Now, there is a completely another person - Bruce, who is very friendly, sociable, travels a lot and knows many languages. Wherever he moves he quickly becomes good friends with everyone around him. In this analogy, Bruce's qualities can be thought as the best parameters of an algorithm.

This example might not make any sense to you whatsoever, but everyone has their own version of interpreting of what is overfitting and underfitting. Important thing is that you understand how the performance of kNN changes as you play around with different values of K. 

In practice, you would use tools like `GridSearchCV` to choose the number of neighbors but that is a little out the of the scope of this post. Instead, we will choose the optimal number visually with model complexity curves.

### Classification With KNeighborsClassifier

As I said earlier, for classification problems, the label of a new sample is identified by the majority of the votes in the nearest *k* neighbors. Let's see the algorithm in action using `sklearn`'s `KNeighborsClassifier`:
```python
from sklearn.model_selection import train_test_split
from sklearn.neighbors import KNeighborsClassifier
from sklearn.metrics import accuracy_score
from sklearn.impute import SimpleImputer
```
We import it from `sklearn.neighbors` along with other helpful functions. All other libraries are imported under standard aliases. 

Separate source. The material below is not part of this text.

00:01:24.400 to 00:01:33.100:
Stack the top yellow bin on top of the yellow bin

For the dataset, we will use the [Palmer Archipelago Penguins](https://www.kaggle.com/parulpandey/palmer-archipelago-antarctica-penguin-data) data from Kaggle. This dataset consists of features of 3 penguins species: Adélie, Gentoo, and Chinstrap. We will build kNN classifier of penguin species by using their body measurements:

In [3]:
penguins = pd.read_csv('data/penguins_size.csv').dropna()
penguins.head()

Unnamed: 0,species,island,culmen_length_mm,culmen_depth_mm,flipper_length_mm,body_mass_g,sex
0,Adelie,Torgersen,39.1,18.7,181.0,3750.0,MALE
1,Adelie,Torgersen,39.5,17.4,186.0,3800.0,FEMALE
2,Adelie,Torgersen,40.3,18.0,195.0,3250.0,FEMALE
4,Adelie,Torgersen,36.7,19.3,193.0,3450.0,FEMALE
5,Adelie,Torgersen,39.3,20.6,190.0,3650.0,MALE


https://twitter.com/allison_horst/status/1270046411002753025?s=20

I mentioned that kNN does not make any assumptions about the distribution of data. Let's build our first classifier without any preprocessing. We will only use 3 columns as features: culmen length and depth, flipper length and BMI:

In [29]:
# Create features and target
X = penguins.select_dtypes(exclude=['object'])
y = penguins.species

# Create training and test sets
X_train, X_test, y_train, y_test = train_test_split(X, y, test_size=.3, random_state=4)

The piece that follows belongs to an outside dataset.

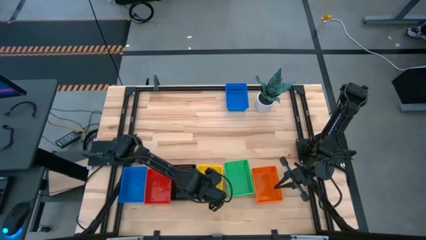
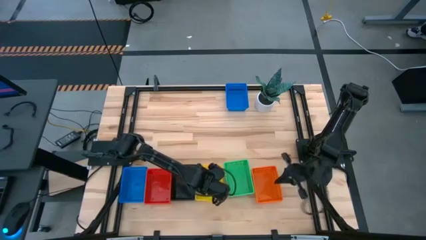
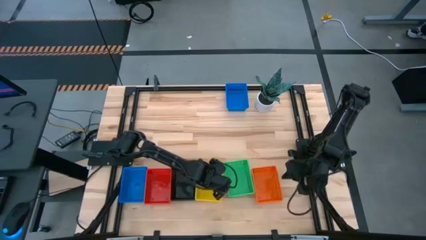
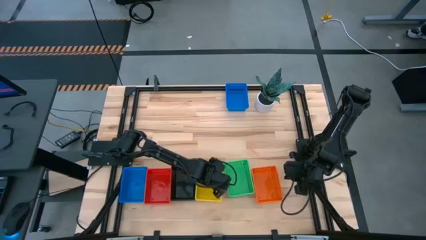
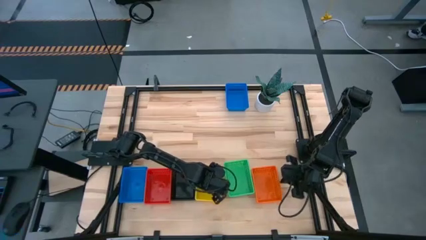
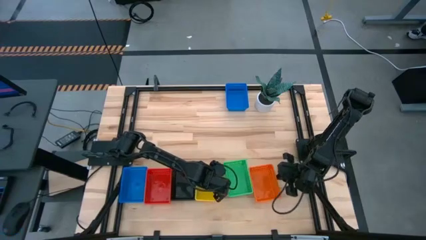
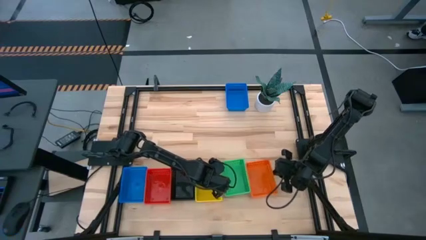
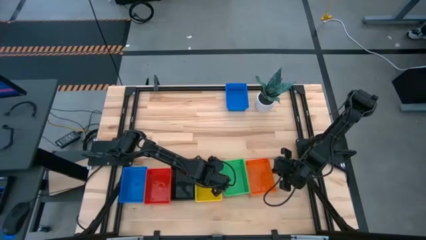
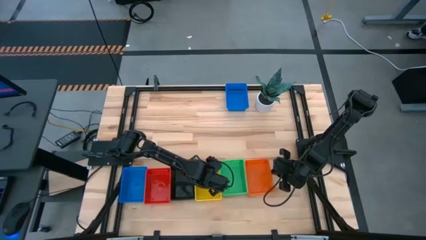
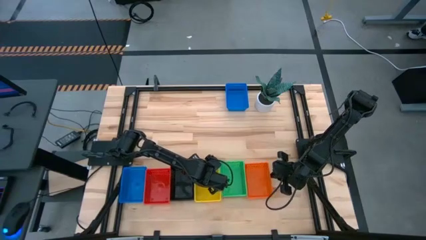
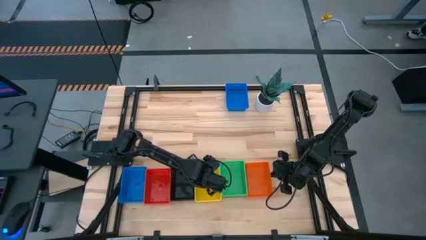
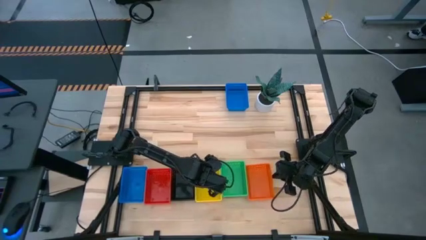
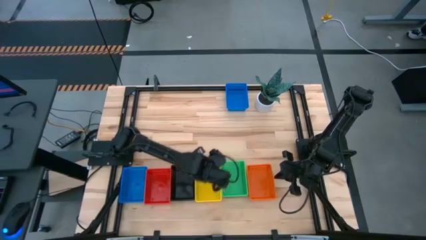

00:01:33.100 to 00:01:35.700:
Adjust the colored bins

# Initialize a model with 5 neighbors
knn = KNeighborsClassifier(n_neighbors=3)

# Fit and predict
knn.fit(X_train, y_train)

predictions = knn.predict(X_test)

For simplicity, I chose only numerical columns. Created a test prediction with size 0.25 and fit a classifier with 3 neighbors. Let's calculate its accuracy using `accuracy_score`:

In [30]:
accuracy_score(y_test, predictions)

0.7722772277227723

We get 77% accuracy which is not ideal but a pretty good score for an out-of-the-box model.

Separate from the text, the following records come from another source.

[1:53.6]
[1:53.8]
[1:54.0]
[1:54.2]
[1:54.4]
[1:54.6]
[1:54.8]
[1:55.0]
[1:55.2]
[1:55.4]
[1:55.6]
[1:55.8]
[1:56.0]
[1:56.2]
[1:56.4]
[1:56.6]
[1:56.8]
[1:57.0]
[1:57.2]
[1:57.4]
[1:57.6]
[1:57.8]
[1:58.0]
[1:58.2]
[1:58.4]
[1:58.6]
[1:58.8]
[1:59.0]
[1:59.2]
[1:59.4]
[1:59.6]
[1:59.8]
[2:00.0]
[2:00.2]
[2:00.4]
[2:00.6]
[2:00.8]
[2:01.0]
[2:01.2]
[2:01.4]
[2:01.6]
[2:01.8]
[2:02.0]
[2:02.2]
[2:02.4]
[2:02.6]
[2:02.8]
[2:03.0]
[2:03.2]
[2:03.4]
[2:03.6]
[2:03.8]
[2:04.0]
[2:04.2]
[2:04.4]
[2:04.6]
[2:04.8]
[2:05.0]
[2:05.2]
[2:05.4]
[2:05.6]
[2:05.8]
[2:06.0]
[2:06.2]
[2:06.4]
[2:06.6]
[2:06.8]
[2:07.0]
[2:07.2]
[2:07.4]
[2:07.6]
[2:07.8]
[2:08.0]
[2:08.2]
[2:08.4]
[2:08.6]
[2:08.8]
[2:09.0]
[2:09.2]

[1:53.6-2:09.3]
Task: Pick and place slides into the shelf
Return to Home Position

### Regression With KNeighborsRegressor

In a regression task, which predicts continuous values (not labels), kNN takes the mean of the nearest *k* neighbors. The regressor is readily-available from `sklearn.neighbors.KNeighborsRegressor`:

In [31]:
from sklearn.neighbors import KNeighborsRegressor
from sklearn.metrics import mean_absolute_error

We import it with `mean_absolute_error` to score its accuracy. This time, we will try to predict Body Mass Index of the penguins using their 3 body measurements (again, only numeric features without preprocessing):

In [40]:
# Create features and target
X = penguins.select_dtypes(exclude=['object']).drop('body_mass_g', axis=1)
y = penguins.body_mass_g

# Train and test sets
X_train, X_test, y_train, y_test = train_test_split(X, y, test_size=.3, random_state=4)

# Initialize kNN
knn = KNeighborsRegressor(n_neighbors=5)

# Fit and predict
knn.fit(X_train, y_train)

predictions = knn.predict(X_test)

# Score
mean_absolute_error(y_test, predictions)

282.1782178217822

Setting the number of neighbors to 5 yielded an MAE of 282. For now, we don't really have a way of knowing whether this a good score or not.